Skocz do zawartości

Rekomendowane odpowiedzi

Opublikowano
3 godziny temu, egon44 napisał(a):

Może odezwij się do Pana Darka.

Swoje karmi wyłącznie płatkami, o ile wiem od niego, przynajmnjej na pewno roślinożerne.

  • Lubię to 1
Opublikowano
6 godzin temu, egon44 napisał(a):

Może odezwij się do Pana Darka. 

Chłop zna się na rzeczy, bardziej niż nie jeden z nas . 

Napewno coś tobie doradzi na chorobę twoich ryb. 

Jutro chyba tak zrobię , zobaczę jak jutro ryby będą się czuły. 

 

2 godziny temu, TomekT napisał(a):

Swoje karmi wyłącznie płatkami, o ile wiem od niego, przynajmnjej na pewno roślinożerne.

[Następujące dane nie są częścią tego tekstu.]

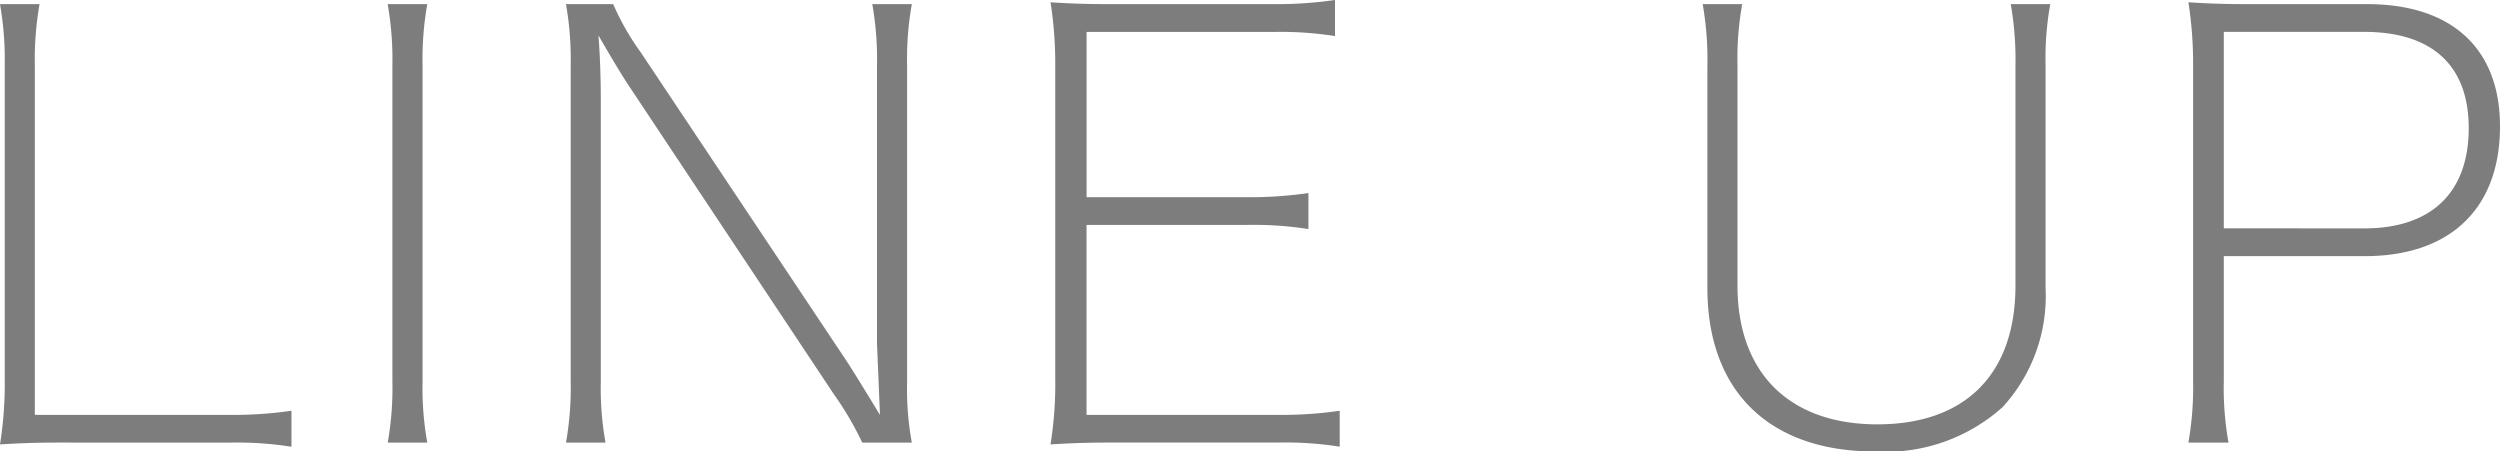 <svg xmlns="http://www.w3.org/2000/svg" width="135.552" height="24.48" viewBox="0 0 135.552 24.48">
  <path id="パス_238" data-name="パス 238" d="M-54.5-.48a18.672,18.672,0,0,1,3.328.224V-2.208a22.061,22.061,0,0,1-3.328.224H-65.088V-20.928a17.368,17.368,0,0,1,.256-3.328h-2.144a17.368,17.368,0,0,1,.256,3.328V-4a20.886,20.886,0,0,1-.256,3.616c1.056-.064,1.92-.1,3.232-.1Zm8.544-23.776a17.368,17.368,0,0,1,.256,3.328v17.12A17.156,17.156,0,0,1-45.952-.48h2.144a16.74,16.74,0,0,1-.256-3.328v-17.12a16.946,16.946,0,0,1,.256-3.328Zm13.728,2.624a13.957,13.957,0,0,1-1.5-2.624h-2.56a17.368,17.368,0,0,1,.256,3.328v17.12A17.156,17.156,0,0,1-36.288-.48h2.144A16.74,16.74,0,0,1-34.4-3.808V-19.072c0-.992-.032-2.3-.128-3.488.832,1.44,1.248,2.112,1.536,2.56L-21.76-3.1A17.132,17.132,0,0,1-20.224-.48h2.688a16.137,16.137,0,0,1-.256-3.328v-17.12a16.946,16.946,0,0,1,.256-3.328H-19.68a17.155,17.155,0,0,1,.256,3.328V-5.952c0,.224.064,1.568.16,3.968-1.248-2.048-1.632-2.656-1.888-3.04ZM5.664-2.208a22.06,22.06,0,0,1-3.328.224h-10.4v-10.3H.64a18.91,18.91,0,0,1,3.328.224v-1.952a22.06,22.06,0,0,1-3.328.224h-8.7v-8.96H2.08a18.91,18.91,0,0,1,3.328.224V-24.48a22.06,22.06,0,0,1-3.328.224H-6.784c-1.312,0-2.144-.032-3.232-.1a21.344,21.344,0,0,1,.256,3.424V-4a20.886,20.886,0,0,1-.256,3.616c1.056-.064,1.92-.1,3.232-.1h9.12a18.672,18.672,0,0,1,3.328.224Zm19.68-22.048a17.155,17.155,0,0,1,.256,3.328V-8.864C25.6-3.264,28.96,0,34.688,0A9.489,9.489,0,0,0,41.6-2.4a8.891,8.891,0,0,0,2.336-6.464V-20.992a16.265,16.265,0,0,1,.256-3.264H42.048a17.368,17.368,0,0,1,.256,3.328V-8.992c0,4.8-2.72,7.52-7.488,7.52s-7.584-2.784-7.584-7.52V-20.928a16.74,16.74,0,0,1,.256-3.328ZM53.856-.48A16.74,16.74,0,0,1,53.6-3.808v-6.784h7.648c4.64,0,7.328-2.592,7.328-7.04,0-4.224-2.624-6.624-7.2-6.624H54.912c-1.312,0-2.144-.032-3.232-.1a21.344,21.344,0,0,1,.256,3.424v17.12A17.368,17.368,0,0,1,51.68-.48ZM53.6-12.1V-22.752h7.616c3.68,0,5.664,1.824,5.664,5.216,0,3.488-2.016,5.44-5.664,5.44Z" transform="translate(66.976 24.48)" fill="#7d7d7d"/>
</svg>

Bardzo możliwe , z tego co pamiętam też mi to wspominał jak brałem od niego pyski , ale chciałem urozmaicić dietę i się skusiłem na hikari exel oraz sinking  a także dainichi veggie, zmieszalem wszystko w jedno i tyle. Niestety ryby rzuciły się jak wygłodniałe i myślę że ten pokarm długo im się trawił w układzie pokarmowym i to im zaszkodziło . Szkoda że przez moją głupotę , padło kilka sztuk :(

Opublikowano

Dobrze, że problem zdiagnozowany. Mam co prawda obsadę złożoną z Hary, Perlmutta i Msobo, ale stosuję te płatki, które p. Darek, a zamiennie i ostrożnie zaczynam przyzwyczajać do najmniejszych rozmiarem granulatów Naturefood (w mniejszej ilości, jak podaje producent) i niepokojących efektów nie widzę. Ale np. nie zdecydowałbym się teraz na podawanie rybkom (szczególnie mniejszym Msobo) najmniejszego granulatu Tropical Carnivore; fajny skład, ale kuleczki są jakieś takie zbite i konsystencji plasteliny, słabo rozdrabniają się na mniejsze, czego nie mogę powiedzieć chociażby o tonącym granulacie Naturefood z artemią.

  • Lubię to 1
Opublikowano
15 godzin temu, matejk napisał(a):

hikari exel

Mam ten pokarm, hikari cichlid excel medium 250g, uważam że jest to dobry pokarm, moje ryby nie maja po nim przezroczystych nitkowatych odchodów ani innych poważniejszych zaburzeń/chorób, zjadły już ponad połowę paczki, karmię nim od 4-5 miesięcy.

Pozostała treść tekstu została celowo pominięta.